Stones and Elephants by Chia-Wei Hsu derives from the Malay literary classic The Hikayat Abdullah. The author Abdullah bin Abdul Kadir, who once served as the secretary of Major General William Farquhar, chronicled his life in Malaysia and published his writings in 1849. Hsu’s video installation excerpts two chapters from this classic. The artist invited a Malay shaman to read these two stories as a voiceover and to pray for a peaceful filming trip. The chapter “Melaka Fort” depicts how the British destroyed the strong fortress to weaken Malacca and return control of the region to the Dutch East India Company, while the other describes the locals, William Farquhar, and his interest in ecology. The perspective offered by the drone creates a unique relationship between the human and the non-human. The artist can only use technology and the internet as a vessel for memories. As stated in the narration, “all these have passed, showing that everything is so fragile.” Algorithms ensure that every keyword search will show different results, presenting elements of truth among the uncertainty of this work. Through this, Hsu attempts to retrace historical scenes that have been lost to time.
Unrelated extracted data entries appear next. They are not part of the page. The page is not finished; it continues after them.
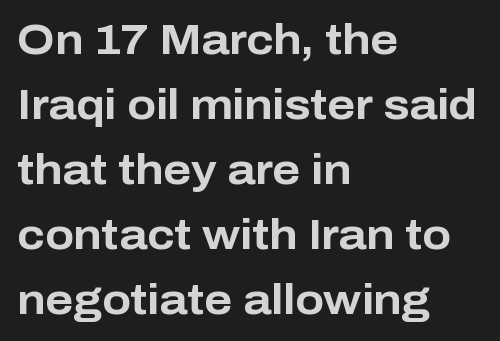
The face used here is proportionally spaced, like ordinary book or web type. In terms of weight, the rendering is a true, heavy bold. This is roman type, the default non-slanted kind. If you measured baseline to baseline, you'd find a middling distance.
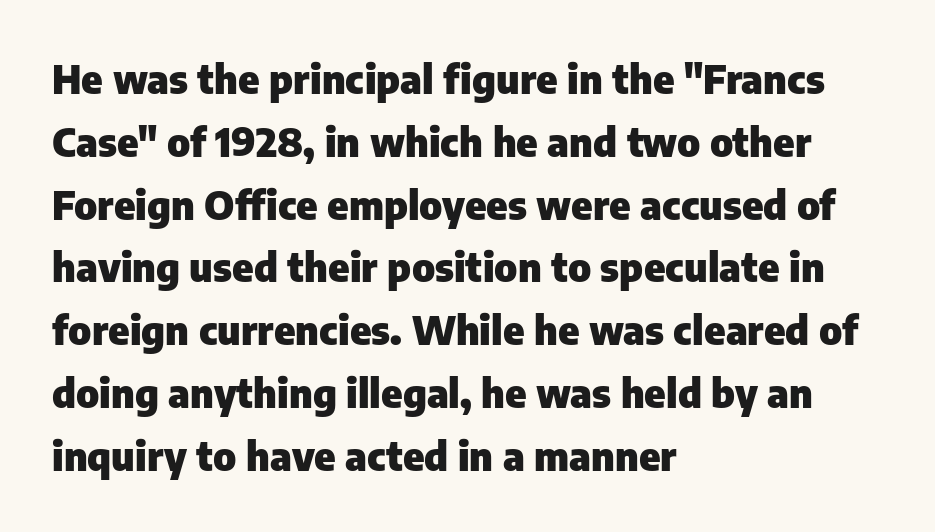
Q: Is the text bold? A: Yes.
Q: Is the text italic (slanted)? A: No, it is upright.
Q: Is the typeface a serif or a sans-serif typeface? A: Sans-serif.
Q: Is the text underlined? A: No.
Q: How is the paragraph aligned? A: Left-aligned.
Q: Is the spacing between letters normal or unusually wide? A: Normal.
Q: Is the spacing between lines tight, normal or loose? A: Normal.
Q: Width (condensed, normal, or wide)? A: Normal.
Q: Stroke contrast? A: Low.
Q: x-height? A: Medium.
Q: Monospaced? A: No.
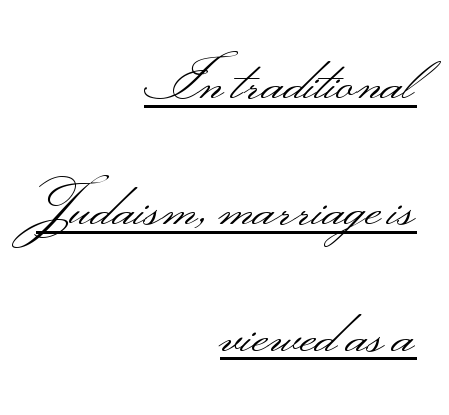
Here the designer chose a conventional face with non-uniform glyph widths. Is the block centered? No — it sits flush against the right margin. One glance says open: line gaps are wider than usual. What decoration does the sample have? An underline.
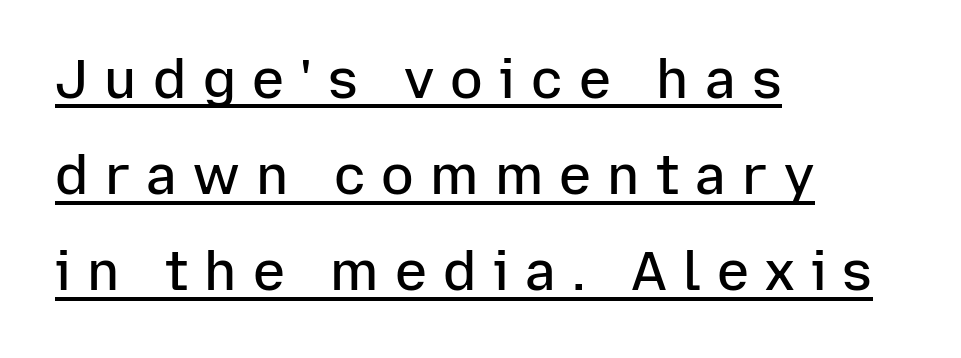
The image shows 54 px semibold sans-serif type, upright; set left-aligned, line spacing 1.78x, unusually wide letter spacing (+0.3 em), underlined; low stroke contrast and a medium x-height.
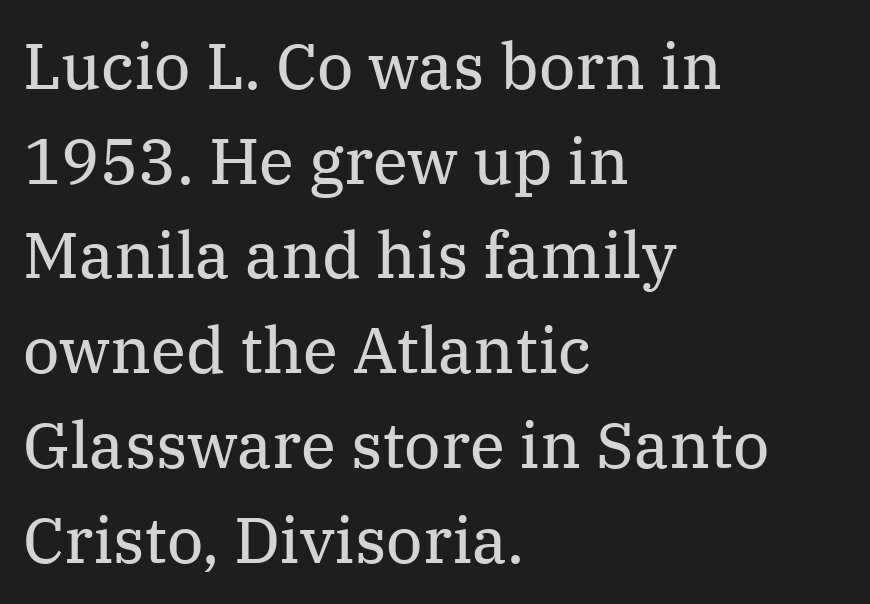
Rendered with straight, roman letterforms. Bold? No — there's no thickening of the strokes. The gap between lines stays unmarked. The passage shown is typed in a proportional face where columns would drift. Unlike a clean sans, this face finishes its strokes with serifs. Students, observe: this is what conventionally led text looks like.

Embarking from myriad audio-visual narratives, Chia-Wei Hsu pursues imaginative interrogations of cultural contact and colonization in Asia, oftentimes amalgamating his primary narratives with non-human actors including technologies, animals, gods, environments, traditions, and material objects. Bringing these diverse subjects together results in a bumpy ontological bleed between them, forming the topography of a historical geography without a straightforward objective position. By reinterrogating what histories and relations coexist within a given locale, Hsu’s work manifests new imaginative potentialities for their revitalization, an uncertain, profound terrain throughout his films and installations.

While his work has consistently probed regulatory systems including religion, science, architecture, and military action, Hsu’s work has increasingly explored digital ontologies and the Internet of Things, in which previously luddite household objects have become connected to the internet. The digital, as a territorializing field produced by components largely manufactured in Asia, allows Hsu to attempt the detournement of western knowledge-bases to formulate new, imaginative archipelagos.